Allowed Content Rules

Advanced Content Filter was introduced in CKEditor 4.1. Since CKEditor 4.4 Allowed Content Rules are complemented by Disallowed Content Rules that let you blacklist specific elements.

# Introduction

Allowed Content Rules define which HTML elements, attributes, styles, and classes are allowed. When configuring CKEditor 4 you will be mostly interested in setting the allowedContent and disallowedContent options. Plugin developers will also need to set allowedContent properties which tell the editor what kind of content a feature allows in automatic mode.

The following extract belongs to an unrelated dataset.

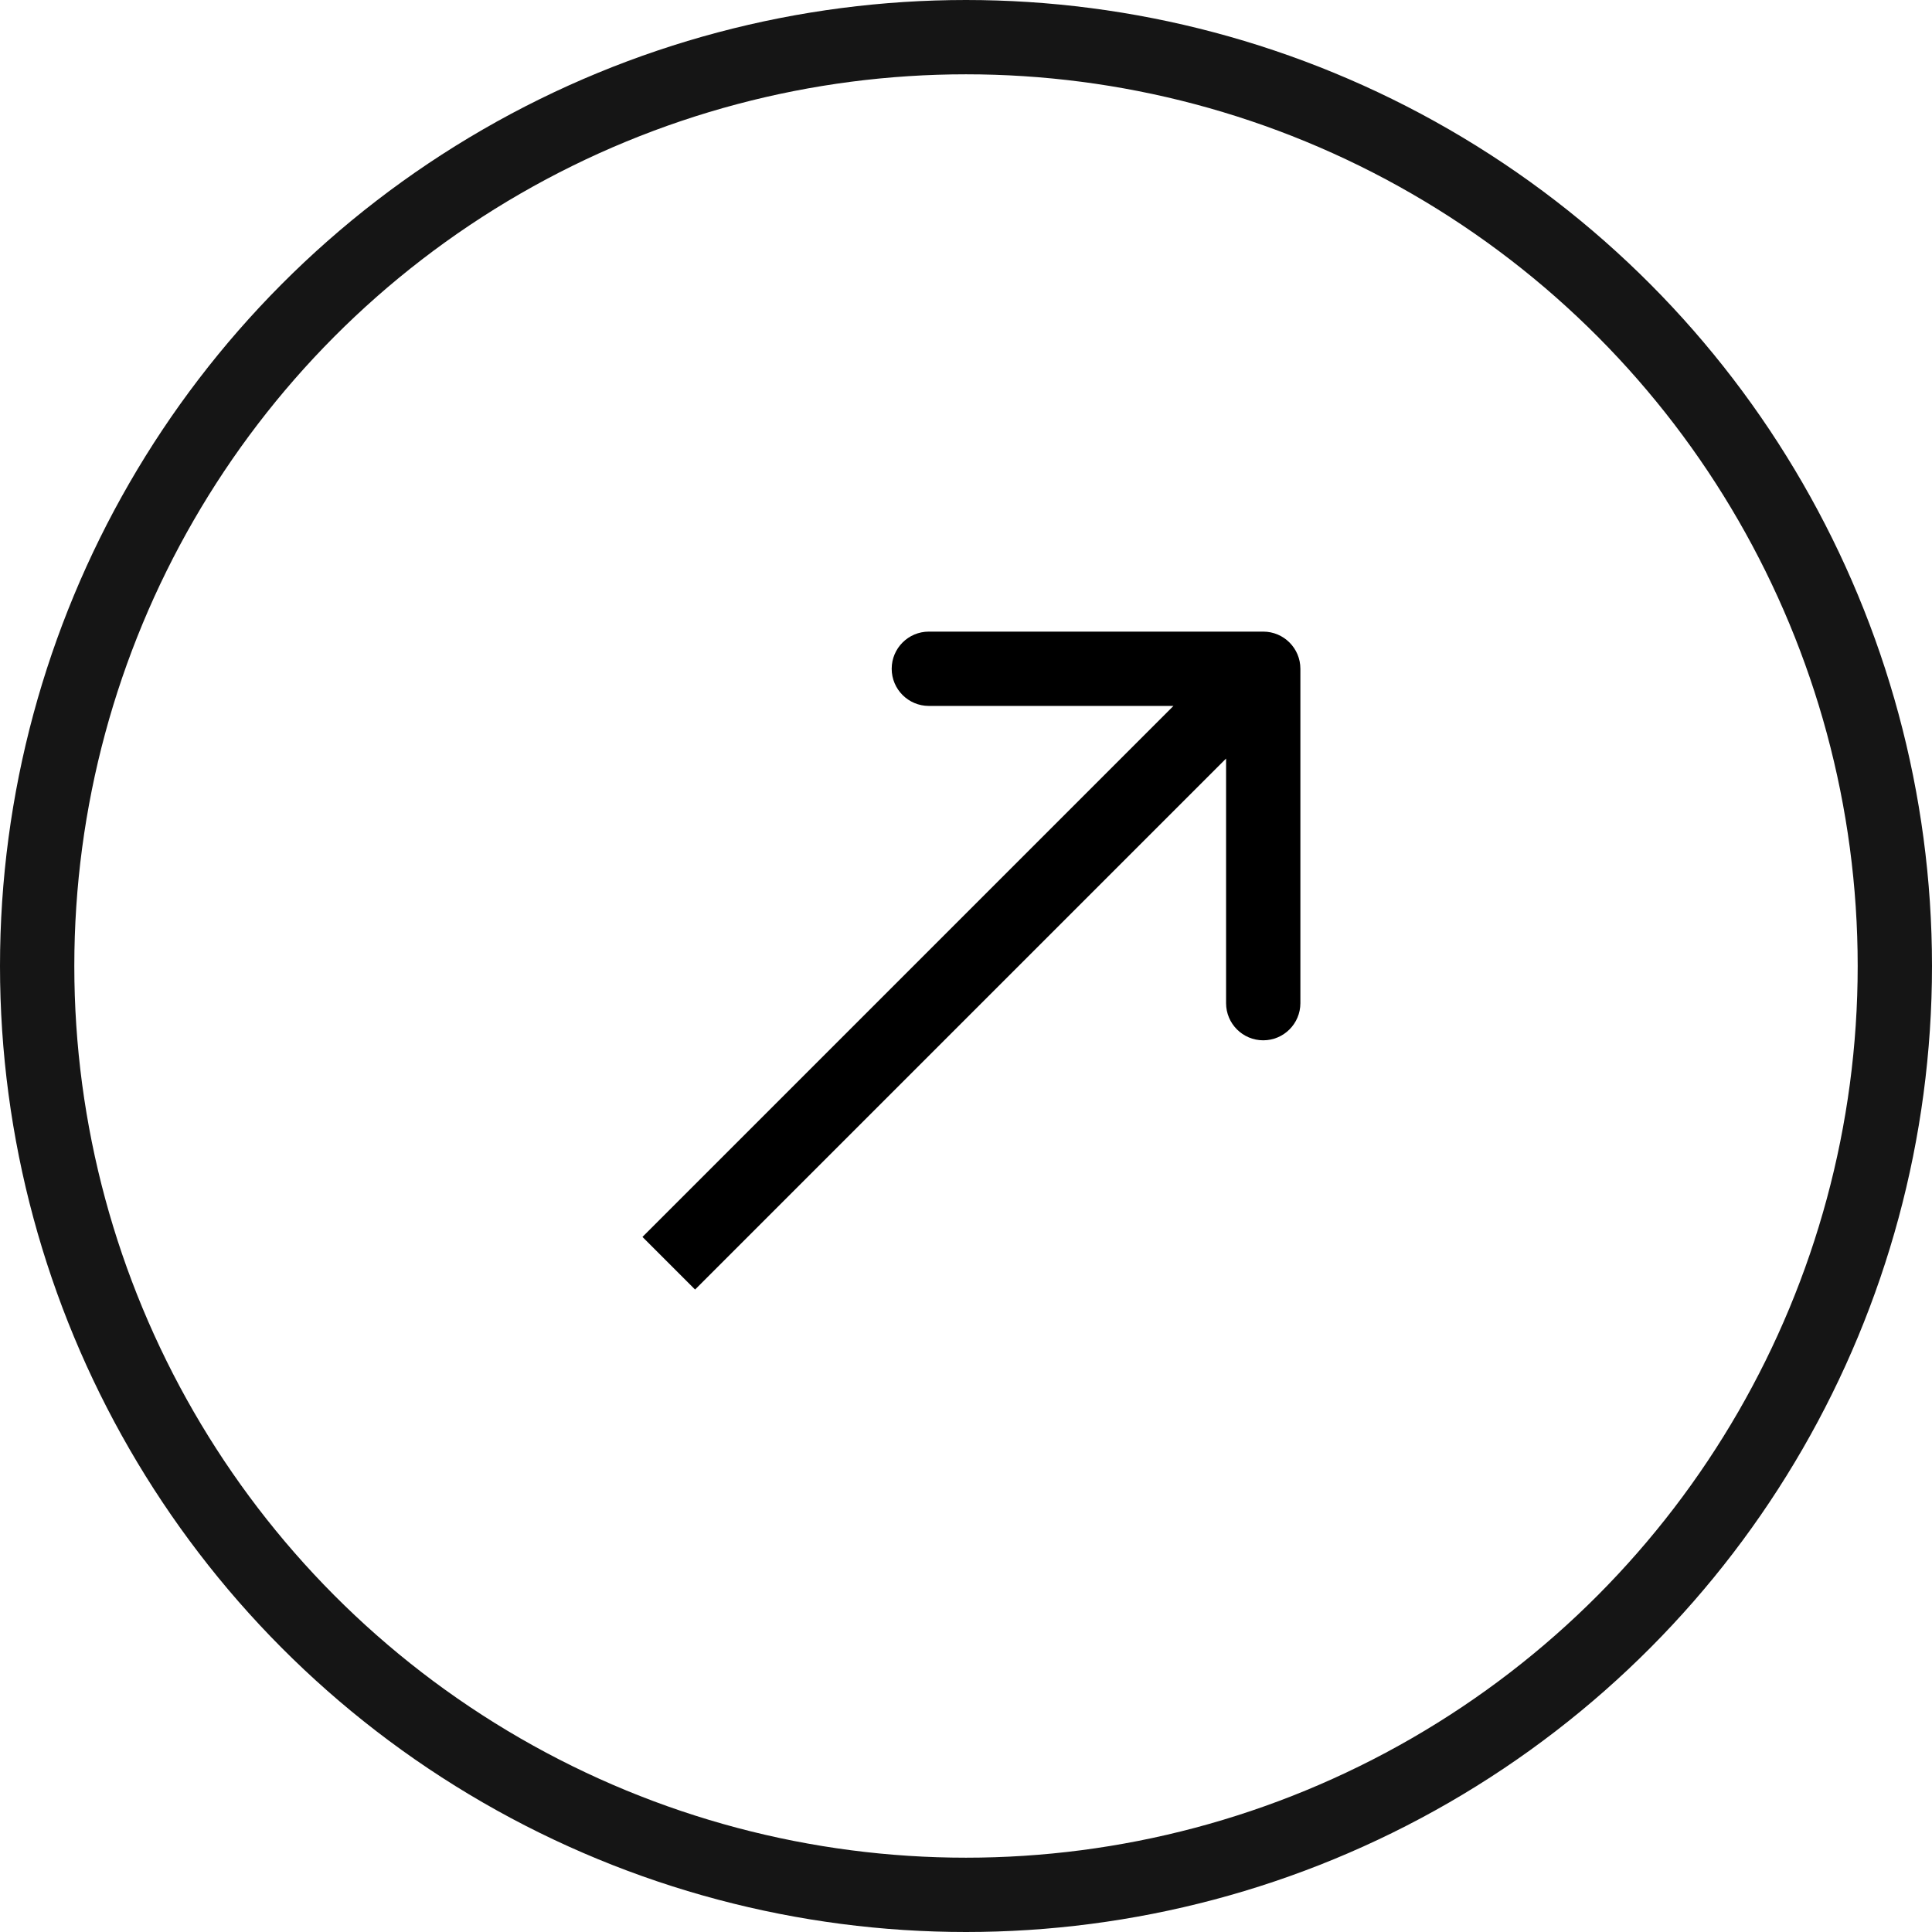 <svg xmlns="http://www.w3.org/2000/svg" width="26" height="26" viewBox="0 0 26 26" fill="none"><circle cx="13" cy="13" r="12.5" stroke="#151515"></circle><path d="M17.5 9C17.5 8.724 17.276 8.5 17 8.5L12.5 8.5C12.224 8.5 12 8.724 12 9C12 9.276 12.224 9.5 12.5 9.5L16.5 9.5L16.5 13.5C16.5 13.776 16.724 14 17 14C17.276 14 17.5 13.776 17.5 13.5L17.5 9ZM9.354 17.354L17.354 9.354L16.646 8.646L8.646 16.646L9.354 17.354Z" fill="black"></path></svg>

Allowed Content Rule usually consists of four main parts:

the elements that it allows,
the attributes that these elements may have,
the styles that these elements may have,
the classes that these elements may have.

Note: Instead of writing “attributes, styles, and classes”, “properties” will be used as a shorthand.

Multiple rules may exist for one element and one element may be included in numerous element lists. For example each of the rules may allow another set of element properties.

# Rules Application

First disallowed content rules are applied to the element. An element may be rejected as a whole (if the rule specifies only the element name) or its properties may be removed. Once an element or its property is rejected they cannot be brought back by allowed content rules.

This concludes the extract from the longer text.